Universal patterns of rogue waves

TL;DR

This paper reveals that rogue wave patterns in integrable systems like the NLS equation exhibit universal geometric structures, which are analytically linked to the root structures of the Yablonskii-Vorob'ev polynomial hierarchy, especially for large free parameters.

Contribution

It establishes a universal connection between rogue wave patterns and the root structures of Yablonskii-Vorob'ev polynomials across different integrable equations.

Findings

Rogue wave patterns form geometric structures such as triangles and polygons.

Patterns are determined by the root structures of Yablonskii-Vorob'ev polynomials.

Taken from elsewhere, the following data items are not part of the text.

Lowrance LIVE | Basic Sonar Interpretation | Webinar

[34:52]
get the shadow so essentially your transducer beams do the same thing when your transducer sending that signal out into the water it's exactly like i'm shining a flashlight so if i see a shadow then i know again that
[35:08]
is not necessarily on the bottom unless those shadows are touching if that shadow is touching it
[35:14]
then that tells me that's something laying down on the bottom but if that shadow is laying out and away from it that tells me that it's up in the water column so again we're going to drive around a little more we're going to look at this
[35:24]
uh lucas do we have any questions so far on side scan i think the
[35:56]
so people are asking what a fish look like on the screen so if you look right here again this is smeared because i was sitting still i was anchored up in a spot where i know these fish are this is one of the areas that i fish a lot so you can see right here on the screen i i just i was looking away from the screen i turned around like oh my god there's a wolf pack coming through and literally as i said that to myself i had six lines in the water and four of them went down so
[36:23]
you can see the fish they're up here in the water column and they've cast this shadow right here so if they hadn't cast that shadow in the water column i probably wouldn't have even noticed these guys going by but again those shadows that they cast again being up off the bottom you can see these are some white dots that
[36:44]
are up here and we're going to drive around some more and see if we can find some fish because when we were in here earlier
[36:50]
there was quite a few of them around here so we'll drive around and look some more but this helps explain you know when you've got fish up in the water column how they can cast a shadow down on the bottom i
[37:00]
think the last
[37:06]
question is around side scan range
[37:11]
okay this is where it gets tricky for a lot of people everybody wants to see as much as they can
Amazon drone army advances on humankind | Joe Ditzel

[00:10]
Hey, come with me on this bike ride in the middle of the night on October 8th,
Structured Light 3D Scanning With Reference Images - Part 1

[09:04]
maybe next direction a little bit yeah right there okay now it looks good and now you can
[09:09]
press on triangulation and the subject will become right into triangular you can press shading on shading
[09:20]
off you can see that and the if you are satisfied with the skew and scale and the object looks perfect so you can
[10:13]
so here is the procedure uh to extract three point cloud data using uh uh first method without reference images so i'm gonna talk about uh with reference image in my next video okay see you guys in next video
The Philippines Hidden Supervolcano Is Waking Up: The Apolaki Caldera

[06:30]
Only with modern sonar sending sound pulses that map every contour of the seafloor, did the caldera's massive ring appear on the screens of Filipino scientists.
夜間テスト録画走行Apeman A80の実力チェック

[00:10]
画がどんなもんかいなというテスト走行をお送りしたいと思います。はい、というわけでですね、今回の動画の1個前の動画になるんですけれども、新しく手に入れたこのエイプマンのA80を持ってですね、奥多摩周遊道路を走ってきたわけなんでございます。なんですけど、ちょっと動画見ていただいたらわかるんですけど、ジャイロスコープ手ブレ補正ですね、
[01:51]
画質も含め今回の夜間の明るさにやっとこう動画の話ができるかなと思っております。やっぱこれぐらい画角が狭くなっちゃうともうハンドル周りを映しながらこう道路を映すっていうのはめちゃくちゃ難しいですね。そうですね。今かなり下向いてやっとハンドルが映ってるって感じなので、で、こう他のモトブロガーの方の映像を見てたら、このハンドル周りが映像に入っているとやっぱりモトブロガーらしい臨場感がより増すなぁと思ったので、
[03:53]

Orientation of patterns is controlled by the phase of free parameters.

Abstract

Rogue wave patterns in the nonlinear Schr\"{o}dinger (NLS) equation and the derivative NLS equation are analytically studied. It is shown that when the free parameters in the analytical expressions of these rogue waves are large, these waves would exhibit the same patterns, comprising fundamental rogue waves forming clear geometric structures such as triangle, pentagon, heptagon and nonagon, with a possible lower-order rogue wave at its center. These rogue patterns are analytically determined by the root structures of the Yablonskii-Vorob'ev polynomial hierarchy, and their orientations are controlled by the phase of the large free parameter. This connection of rogue wave patterns to the root structures of the Yablonskii-Vorob'ev polynomial hierarchy goes beyond the NLS and derivative NLS equations, and it gives rise to universal rogue wave patterns in integrable systems.